> [TASK STATEMENT] From the data below, copy exactly the lines that lie between the one holding "to Meeting. I took a walk to S: Merriotts" and the one holding "auf die Ag. Nachsicht des Todesstrafe", including both, and nothing more.

Saved data entries:
☆ ☆ ☆ ☆
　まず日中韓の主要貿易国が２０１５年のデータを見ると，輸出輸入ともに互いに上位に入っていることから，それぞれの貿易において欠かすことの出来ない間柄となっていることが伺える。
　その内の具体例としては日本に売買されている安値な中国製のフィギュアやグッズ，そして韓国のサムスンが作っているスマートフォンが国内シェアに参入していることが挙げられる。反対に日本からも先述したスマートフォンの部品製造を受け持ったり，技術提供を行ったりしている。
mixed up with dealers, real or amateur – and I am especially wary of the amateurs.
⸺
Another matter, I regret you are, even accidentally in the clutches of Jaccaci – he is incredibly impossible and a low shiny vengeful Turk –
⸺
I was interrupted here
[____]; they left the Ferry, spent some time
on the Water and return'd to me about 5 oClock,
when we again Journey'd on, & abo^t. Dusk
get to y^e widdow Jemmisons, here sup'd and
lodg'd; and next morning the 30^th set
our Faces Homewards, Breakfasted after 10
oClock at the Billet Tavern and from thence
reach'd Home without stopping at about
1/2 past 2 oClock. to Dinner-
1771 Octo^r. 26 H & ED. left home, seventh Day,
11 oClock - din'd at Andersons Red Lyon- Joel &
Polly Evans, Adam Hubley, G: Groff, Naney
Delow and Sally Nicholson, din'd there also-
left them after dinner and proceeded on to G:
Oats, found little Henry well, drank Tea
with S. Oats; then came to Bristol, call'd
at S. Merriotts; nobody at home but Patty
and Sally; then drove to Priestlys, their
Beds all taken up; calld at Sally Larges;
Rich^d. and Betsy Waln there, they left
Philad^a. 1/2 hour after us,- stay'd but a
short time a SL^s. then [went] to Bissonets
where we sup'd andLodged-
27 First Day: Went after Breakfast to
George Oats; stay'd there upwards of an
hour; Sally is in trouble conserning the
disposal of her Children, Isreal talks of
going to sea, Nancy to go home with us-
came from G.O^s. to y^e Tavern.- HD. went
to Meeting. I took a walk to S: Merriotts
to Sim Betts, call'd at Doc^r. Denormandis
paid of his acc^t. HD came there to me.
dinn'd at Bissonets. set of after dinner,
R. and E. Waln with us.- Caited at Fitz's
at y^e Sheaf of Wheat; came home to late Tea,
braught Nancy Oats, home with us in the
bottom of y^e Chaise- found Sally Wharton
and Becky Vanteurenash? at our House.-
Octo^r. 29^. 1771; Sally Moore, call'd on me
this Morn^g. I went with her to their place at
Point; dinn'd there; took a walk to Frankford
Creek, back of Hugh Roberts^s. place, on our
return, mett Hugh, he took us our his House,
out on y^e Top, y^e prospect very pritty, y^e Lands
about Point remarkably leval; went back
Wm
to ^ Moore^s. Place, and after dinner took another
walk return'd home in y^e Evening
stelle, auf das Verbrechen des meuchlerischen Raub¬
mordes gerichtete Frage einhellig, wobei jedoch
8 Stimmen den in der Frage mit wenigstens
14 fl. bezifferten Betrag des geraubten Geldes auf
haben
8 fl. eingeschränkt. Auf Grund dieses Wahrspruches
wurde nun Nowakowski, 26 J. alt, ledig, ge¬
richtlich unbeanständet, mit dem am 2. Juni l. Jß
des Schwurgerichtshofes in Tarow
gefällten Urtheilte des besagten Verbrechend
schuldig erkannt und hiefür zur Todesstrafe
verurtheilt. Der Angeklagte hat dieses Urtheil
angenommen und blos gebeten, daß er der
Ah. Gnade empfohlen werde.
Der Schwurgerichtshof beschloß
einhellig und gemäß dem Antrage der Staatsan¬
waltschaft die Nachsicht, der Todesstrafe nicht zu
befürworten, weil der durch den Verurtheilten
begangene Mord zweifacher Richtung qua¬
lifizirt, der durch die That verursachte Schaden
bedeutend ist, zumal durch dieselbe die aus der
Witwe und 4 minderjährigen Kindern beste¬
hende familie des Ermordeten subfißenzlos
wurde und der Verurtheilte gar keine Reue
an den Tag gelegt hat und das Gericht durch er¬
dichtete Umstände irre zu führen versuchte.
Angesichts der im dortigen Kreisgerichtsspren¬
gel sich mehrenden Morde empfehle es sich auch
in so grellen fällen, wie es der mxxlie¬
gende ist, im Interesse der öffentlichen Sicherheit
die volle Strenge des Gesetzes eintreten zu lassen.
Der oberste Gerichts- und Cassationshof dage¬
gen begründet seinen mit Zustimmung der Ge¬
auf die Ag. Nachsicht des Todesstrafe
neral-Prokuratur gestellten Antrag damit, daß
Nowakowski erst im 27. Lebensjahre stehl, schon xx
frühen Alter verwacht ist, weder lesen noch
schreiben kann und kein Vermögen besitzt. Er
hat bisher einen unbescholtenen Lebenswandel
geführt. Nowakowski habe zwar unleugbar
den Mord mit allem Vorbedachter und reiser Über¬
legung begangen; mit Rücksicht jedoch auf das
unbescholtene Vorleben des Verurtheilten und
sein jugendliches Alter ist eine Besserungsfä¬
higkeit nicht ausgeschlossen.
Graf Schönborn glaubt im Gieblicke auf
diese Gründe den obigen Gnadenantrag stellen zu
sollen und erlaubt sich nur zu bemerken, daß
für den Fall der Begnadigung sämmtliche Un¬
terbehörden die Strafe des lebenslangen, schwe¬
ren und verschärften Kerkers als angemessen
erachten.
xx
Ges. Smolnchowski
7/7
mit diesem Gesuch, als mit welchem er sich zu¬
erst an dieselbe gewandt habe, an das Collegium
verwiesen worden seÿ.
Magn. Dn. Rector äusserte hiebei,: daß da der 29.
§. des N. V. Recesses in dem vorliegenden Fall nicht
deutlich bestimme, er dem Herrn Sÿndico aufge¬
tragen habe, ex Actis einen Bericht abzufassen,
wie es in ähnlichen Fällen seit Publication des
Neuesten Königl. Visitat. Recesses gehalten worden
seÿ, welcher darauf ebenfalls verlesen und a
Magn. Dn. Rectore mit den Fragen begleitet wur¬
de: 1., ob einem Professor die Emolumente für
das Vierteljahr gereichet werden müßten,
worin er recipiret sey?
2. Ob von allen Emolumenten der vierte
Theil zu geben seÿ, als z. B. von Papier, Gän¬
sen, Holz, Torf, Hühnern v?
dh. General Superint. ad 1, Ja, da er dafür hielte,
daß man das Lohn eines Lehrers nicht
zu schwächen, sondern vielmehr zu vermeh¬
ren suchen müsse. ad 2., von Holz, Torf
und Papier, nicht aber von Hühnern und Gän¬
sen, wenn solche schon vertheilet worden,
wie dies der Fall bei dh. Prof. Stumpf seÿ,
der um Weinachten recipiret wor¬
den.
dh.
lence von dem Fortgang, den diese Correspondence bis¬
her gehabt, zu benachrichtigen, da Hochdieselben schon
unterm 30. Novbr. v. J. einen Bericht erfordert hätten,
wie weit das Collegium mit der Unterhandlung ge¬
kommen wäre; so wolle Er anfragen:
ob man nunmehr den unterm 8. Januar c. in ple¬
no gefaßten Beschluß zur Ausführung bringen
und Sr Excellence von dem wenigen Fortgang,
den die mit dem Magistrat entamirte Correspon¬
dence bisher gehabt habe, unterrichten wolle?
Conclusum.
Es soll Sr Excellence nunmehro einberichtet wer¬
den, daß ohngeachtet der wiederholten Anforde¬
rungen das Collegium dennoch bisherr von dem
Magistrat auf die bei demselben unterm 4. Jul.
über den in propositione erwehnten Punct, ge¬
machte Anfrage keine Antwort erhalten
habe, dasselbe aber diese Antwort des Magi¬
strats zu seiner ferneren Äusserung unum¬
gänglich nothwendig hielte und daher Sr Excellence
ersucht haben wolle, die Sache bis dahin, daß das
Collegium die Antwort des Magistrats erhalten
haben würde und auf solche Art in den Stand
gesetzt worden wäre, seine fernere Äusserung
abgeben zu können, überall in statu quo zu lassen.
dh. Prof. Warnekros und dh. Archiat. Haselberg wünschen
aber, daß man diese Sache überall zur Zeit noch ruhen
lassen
☆ ☆ ☆ ☆
> [RESPONSE AREA]
to Meeting. I took a walk to S: Merriotts
to Sim Betts, call'd at Doc^r. Denormandis
paid of his acc^t. HD came there to me.
dinn'd at Bissonets. set of after dinner,
R. and E. Waln with us.- Caited at Fitz's
at y^e Sheaf of Wheat; came home to late Tea,
braught Nancy Oats, home with us in the
bottom of y^e Chaise- found Sally Wharton
and Becky Vanteurenash? at our House.-
Octo^r. 29^. 1771; Sally Moore, call'd on me
this Morn^g. I went with her to their place at
Point; dinn'd there; took a walk to Frankford
Creek, back of Hugh Roberts^s. place, on our
return, mett Hugh, he took us our his House,
out on y^e Top, y^e prospect very pritty, y^e Lands
about Point remarkably leval; went back
Wm
to ^ Moore^s. Place, and after dinner took another
walk return'd home in y^e Evening
stelle, auf das Verbrechen des meuchlerischen Raub¬
mordes gerichtete Frage einhellig, wobei jedoch
8 Stimmen den in der Frage mit wenigstens
14 fl. bezifferten Betrag des geraubten Geldes auf
haben
8 fl. eingeschränkt. Auf Grund dieses Wahrspruches
wurde nun Nowakowski, 26 J. alt, ledig, ge¬
richtlich unbeanständet, mit dem am 2. Juni l. Jß
des Schwurgerichtshofes in Tarow
gefällten Urtheilte des besagten Verbrechend
schuldig erkannt und hiefür zur Todesstrafe
verurtheilt. Der Angeklagte hat dieses Urtheil
angenommen und blos gebeten, daß er der
Ah. Gnade empfohlen werde.
Der Schwurgerichtshof beschloß
einhellig und gemäß dem Antrage der Staatsan¬
waltschaft die Nachsicht, der Todesstrafe nicht zu
befürworten, weil der durch den Verurtheilten
begangene Mord zweifacher Richtung qua¬
lifizirt, der durch die That verursachte Schaden
bedeutend ist, zumal durch dieselbe die aus der
Witwe und 4 minderjährigen Kindern beste¬
hende familie des Ermordeten subfißenzlos
wurde und der Verurtheilte gar keine Reue
an den Tag gelegt hat und das Gericht durch er¬
dichtete Umstände irre zu führen versuchte.
Angesichts der im dortigen Kreisgerichtsspren¬
gel sich mehrenden Morde empfehle es sich auch
in so grellen fällen, wie es der mxxlie¬
gende ist, im Interesse der öffentlichen Sicherheit
die volle Strenge des Gesetzes eintreten zu lassen.
Der oberste Gerichts- und Cassationshof dage¬
gen begründet seinen mit Zustimmung der Ge¬
auf die Ag. Nachsicht des Todesstrafe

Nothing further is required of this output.